### WHAT TO WORK ON
Once the pictures have been excluded, set down each remaining entry word for word.
[Start of Attachment]
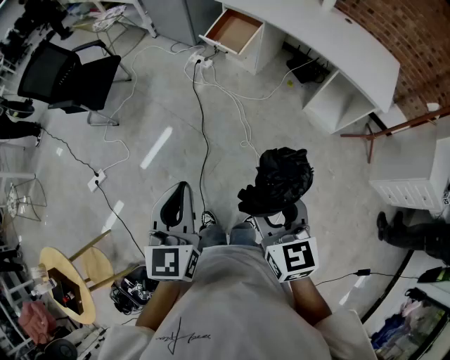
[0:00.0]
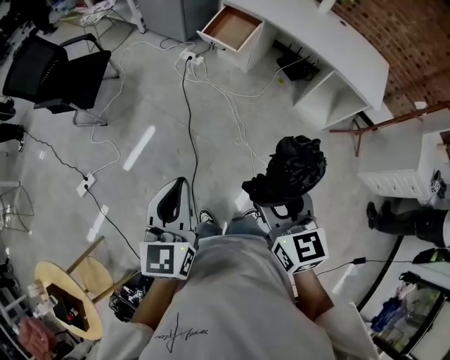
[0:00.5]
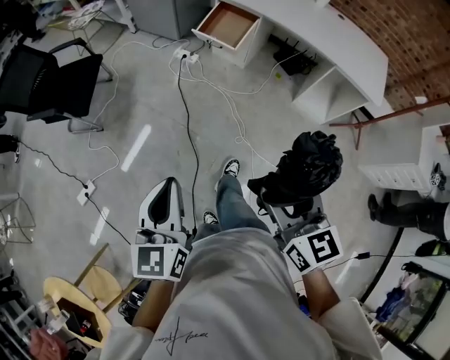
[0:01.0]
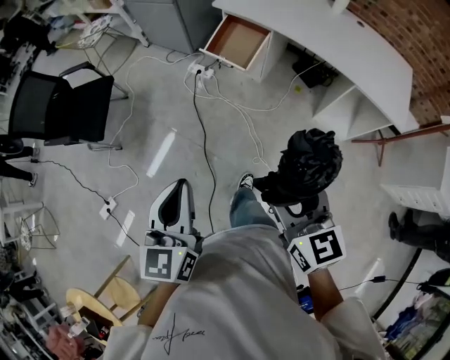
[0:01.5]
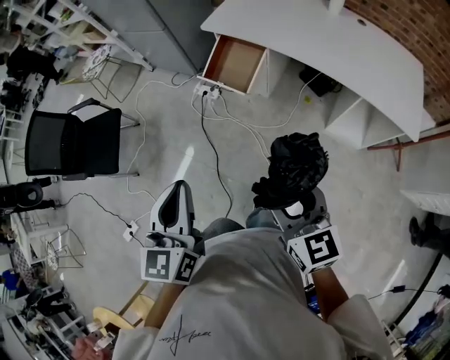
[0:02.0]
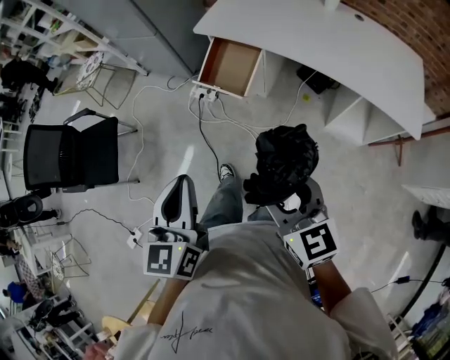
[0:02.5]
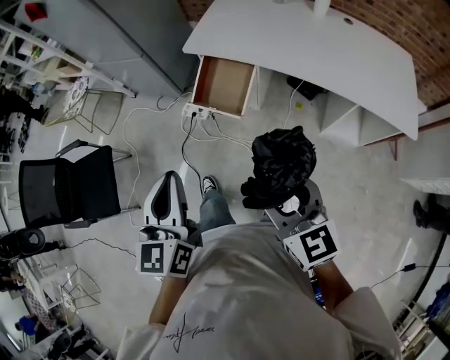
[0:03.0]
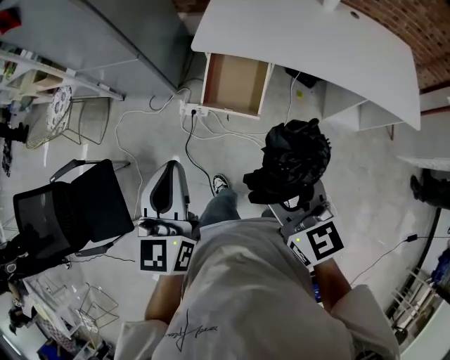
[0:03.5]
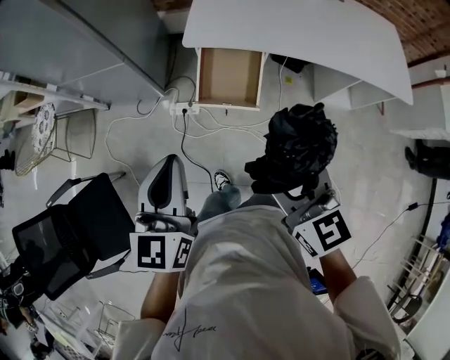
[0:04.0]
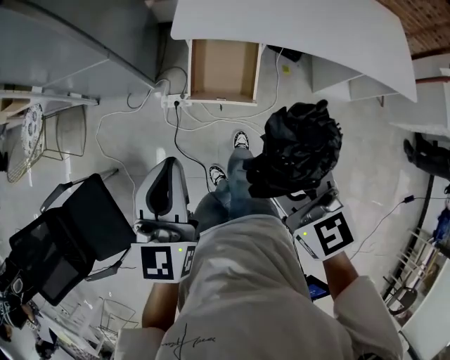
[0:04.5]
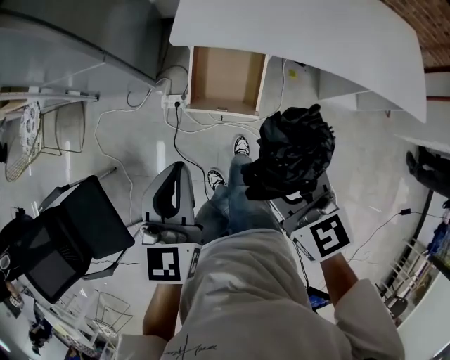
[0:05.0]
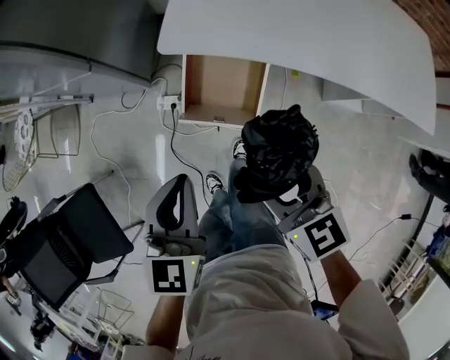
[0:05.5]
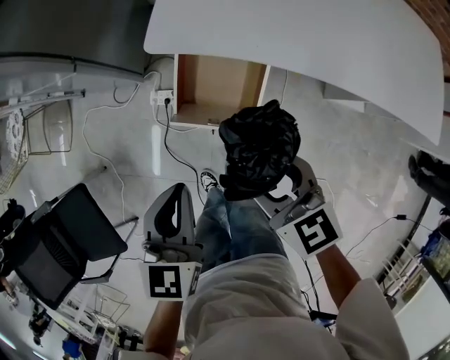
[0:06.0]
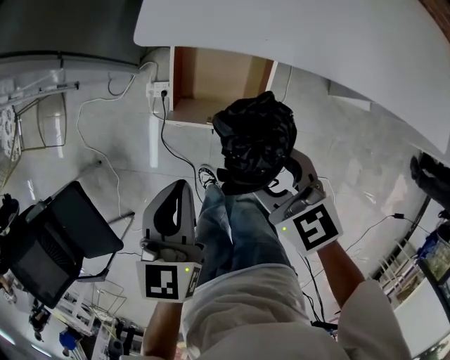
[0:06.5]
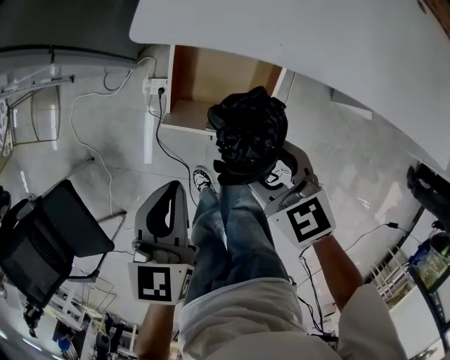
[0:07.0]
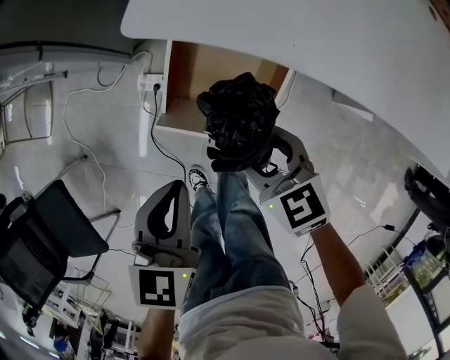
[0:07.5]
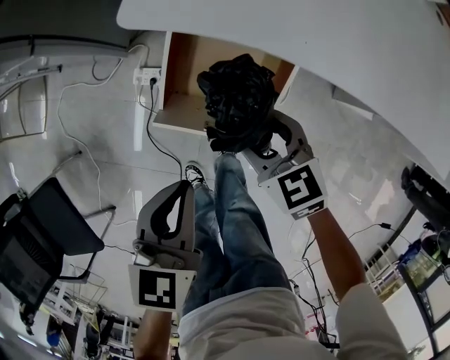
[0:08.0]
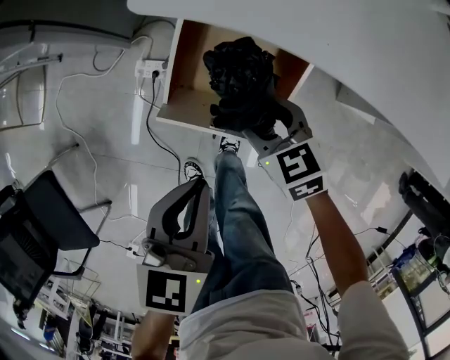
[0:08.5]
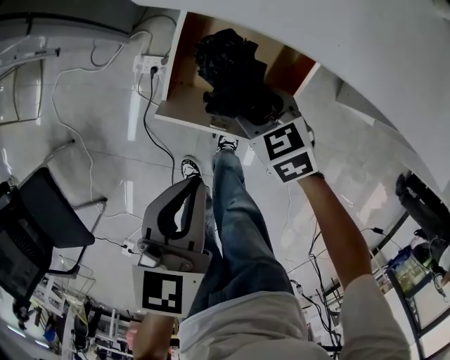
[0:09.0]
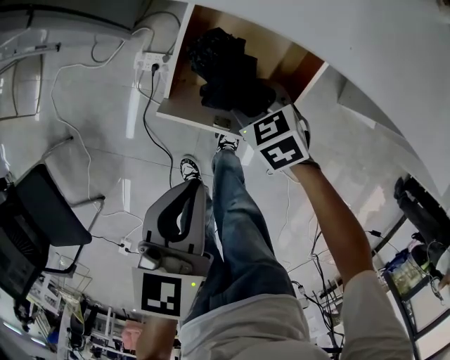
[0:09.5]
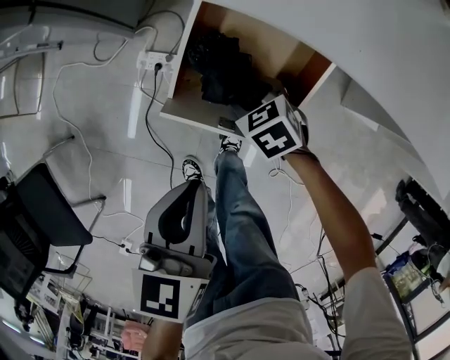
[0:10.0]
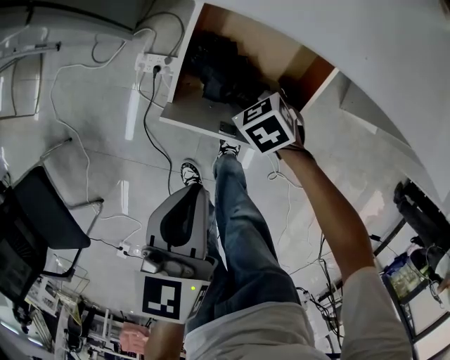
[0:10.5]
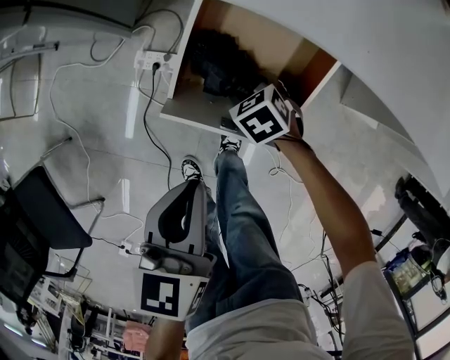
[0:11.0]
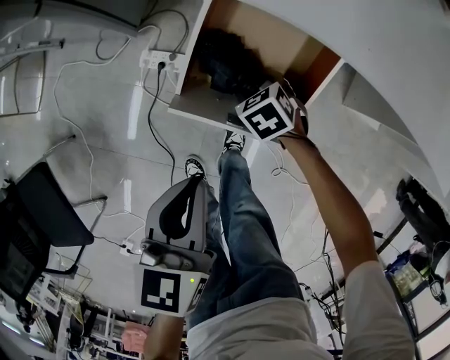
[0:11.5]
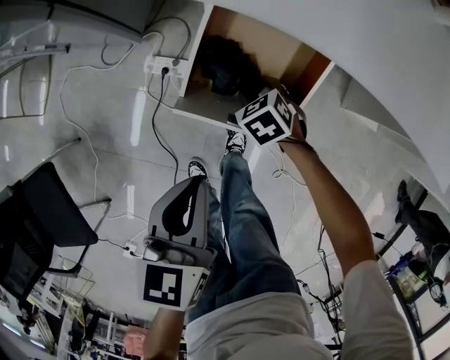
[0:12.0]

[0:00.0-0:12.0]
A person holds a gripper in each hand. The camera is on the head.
0:00.0 to 0:02.0: Both grippers travel together forward, some 35 cm.
0:02.0 to 0:04.0: The grippers both shift forward and to the left by approximately 35 cm. The left gripper changes its angle by roughly 30 degrees.
0:04.0 to 0:06.0: The left gripper travels downward, forward and to the right by roughly 25 cm. The right gripper moves downward and forward, roughly 25 cm.
0:06.0 to 0:08.0: The left gripper shifts some 15 cm downward. The right gripper shifts about 20 cm downward and forward.
0:08.0 to 0:10.0: The right gripper goes roughly 15 cm downward, and turns by roughly 20 degrees.
0:10.0 to 0:12.0: The grippers stay close to where they were, moving slightly.

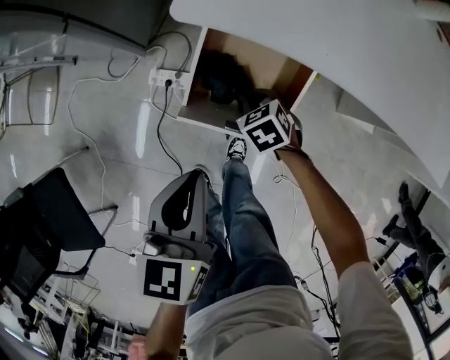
[End of Attachment]
### TASK ANSWER
[0:00.0]
[0:00.5]
[0:01.0]
[0:01.5]
[0:02.0]
[0:02.5]
[0:03.0]
[0:03.5]
[0:04.0]
[0:04.5]
[0:05.0]
[0:05.5]
[0:06.0]
[0:06.5]
[0:07.0]
[0:07.5]
[0:08.0]
[0:08.5]
[0:09.0]
[0:09.5]
[0:10.0]
[0:10.5]
[0:11.0]
[0:11.5]
[0:12.0]

[0:00.0-0:12.0]
A person holds a gripper in each hand. The camera is on the head.
0:00.0 to 0:02.0: Both grippers travel together forward, some 35 cm.
0:02.0 to 0:04.0: The grippers both shift forward and to the left by approximately 35 cm. The left gripper changes its angle by roughly 30 degrees.
0:04.0 to 0:06.0: The left gripper travels downward, forward and to the right by roughly 25 cm. The right gripper moves downward and forward, roughly 25 cm.
0:06.0 to 0:08.0: The left gripper shifts some 15 cm downward. The right gripper shifts about 20 cm downward and forward.
0:08.0 to 0:10.0: The right gripper goes roughly 15 cm downward, and turns by roughly 20 degrees.
0:10.0 to 0:12.0: The grippers stay close to where they were, moving slightly.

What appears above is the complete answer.